## [Records for the task]
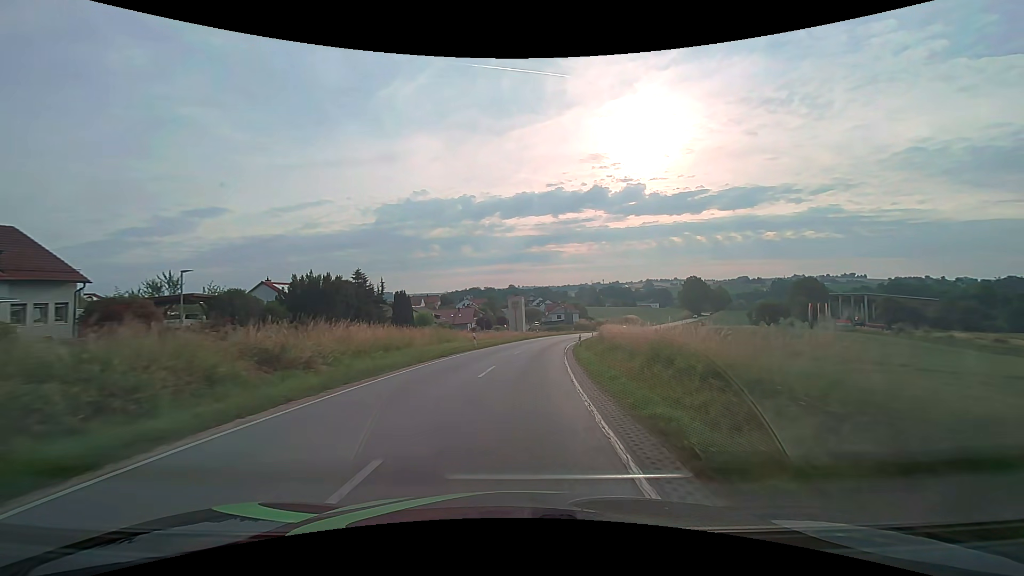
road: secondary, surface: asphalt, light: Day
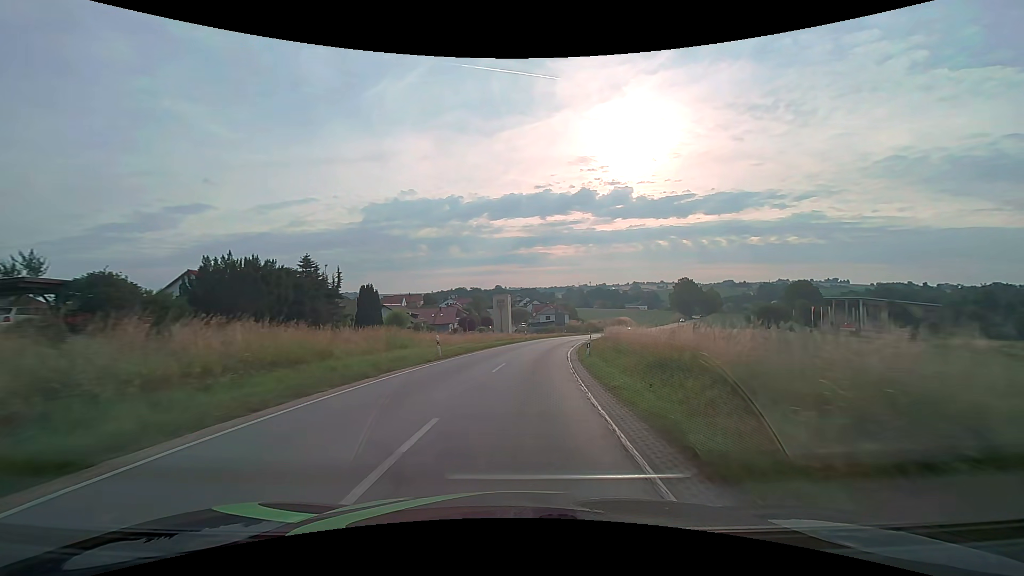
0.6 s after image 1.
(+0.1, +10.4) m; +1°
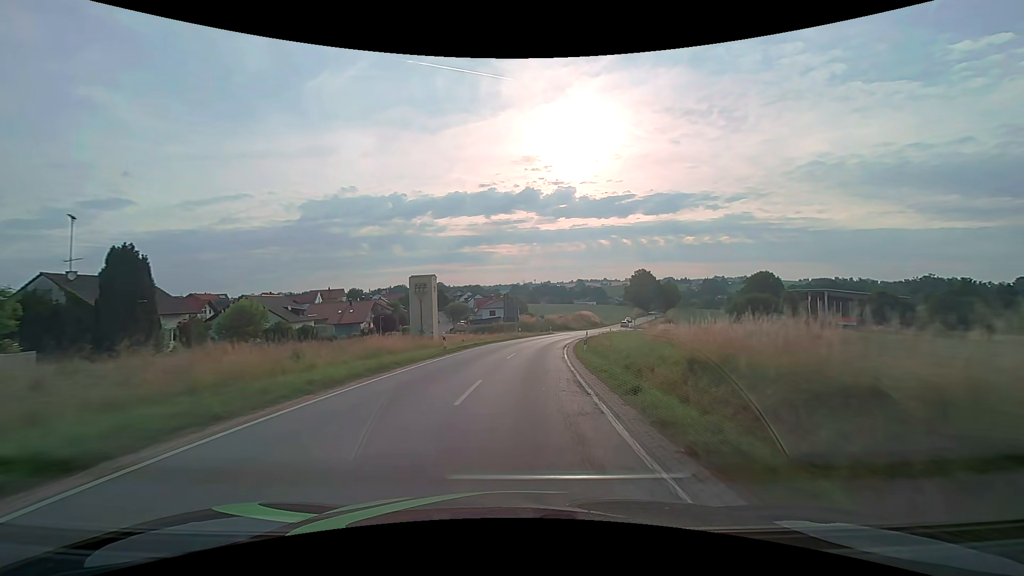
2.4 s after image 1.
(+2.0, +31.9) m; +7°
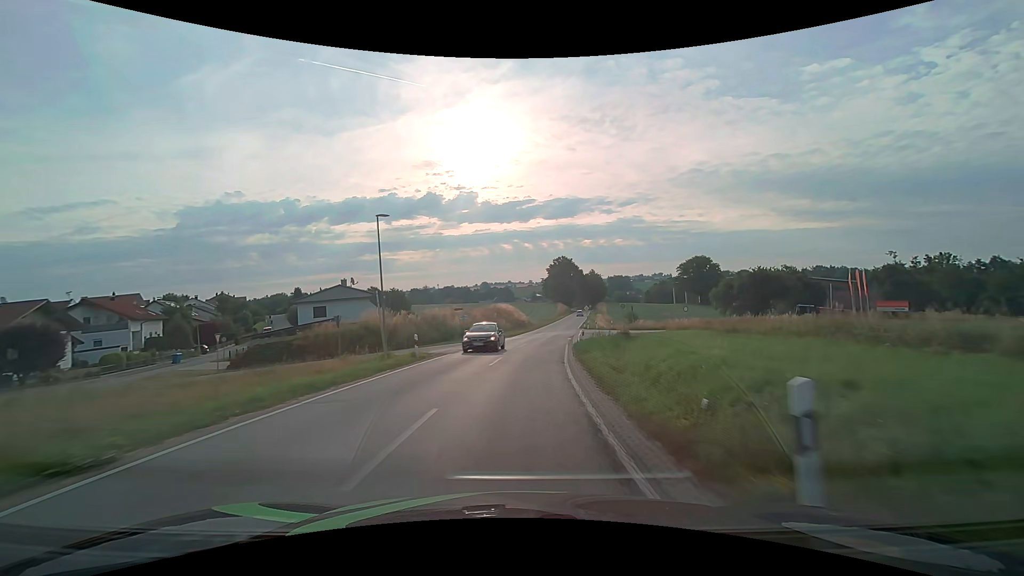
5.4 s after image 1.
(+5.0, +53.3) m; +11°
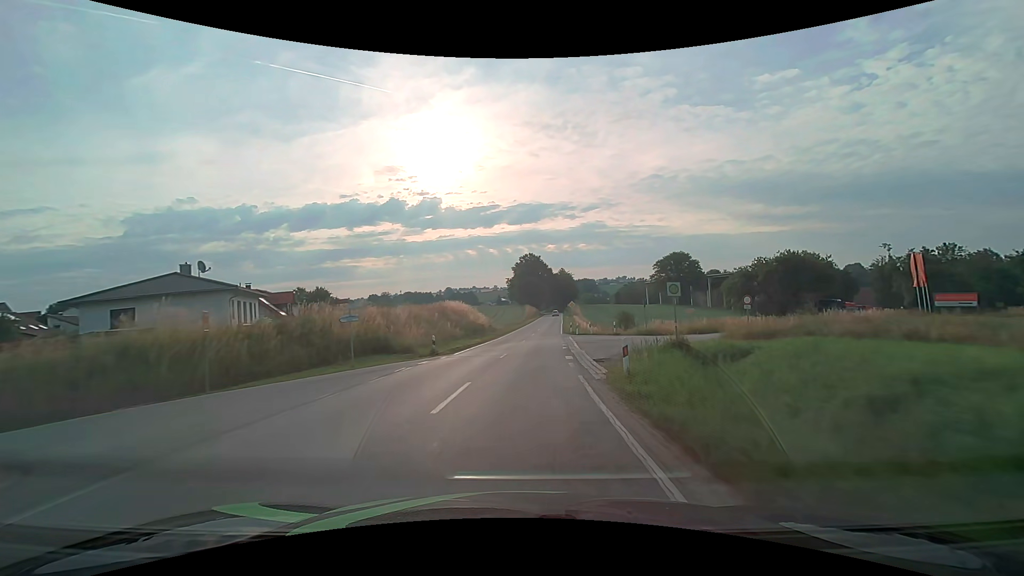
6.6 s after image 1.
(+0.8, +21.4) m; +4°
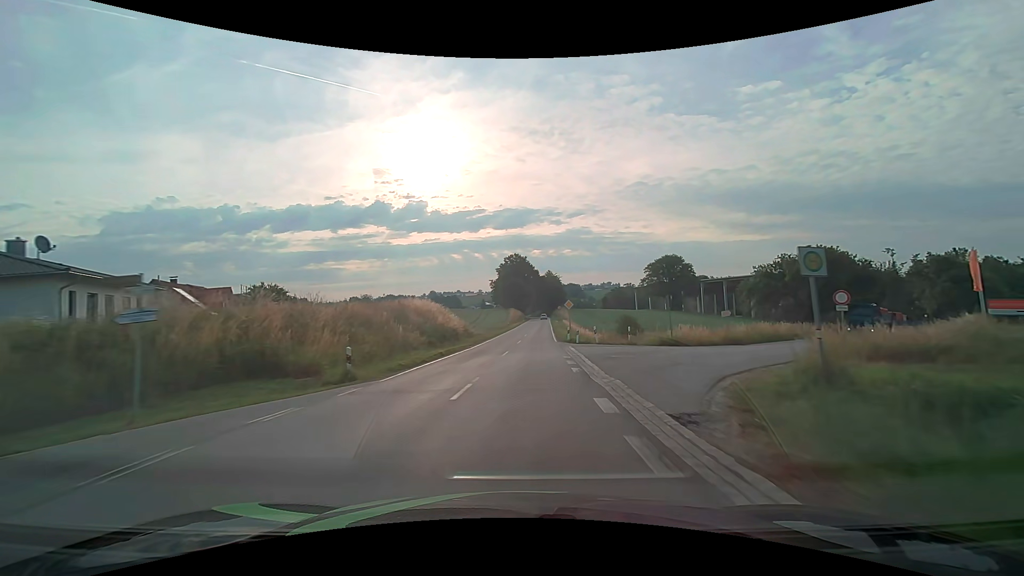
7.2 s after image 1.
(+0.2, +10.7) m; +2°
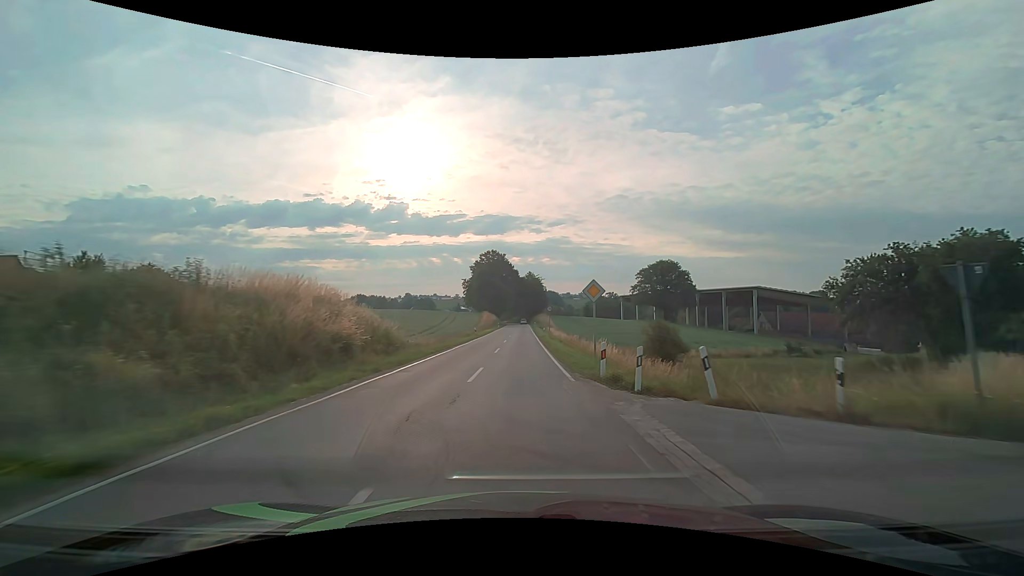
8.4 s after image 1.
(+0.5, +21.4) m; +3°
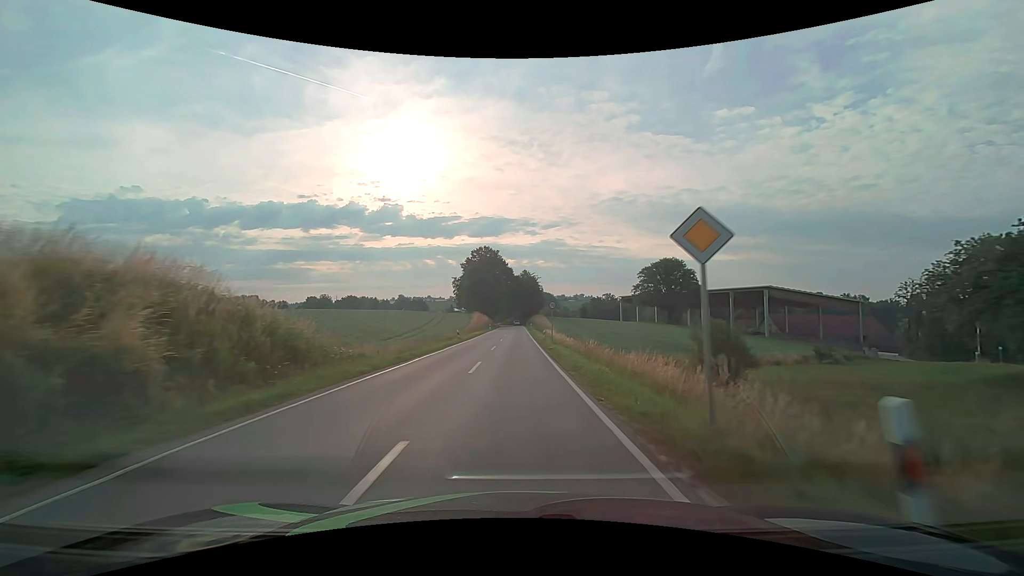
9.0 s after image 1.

## [Task prompt]
What is needed is a word-for-word restatement of the lines from the one holding "6.6 s after image 1." to the final line of the data above, inclusive, without any pictures.

## [Solved problem]
6.6 s after image 1.
(+0.8, +21.4) m; +4°
7.2 s after image 1.
(+0.2, +10.7) m; +2°
8.4 s after image 1.
(+0.5, +21.4) m; +3°
9.0 s after image 1.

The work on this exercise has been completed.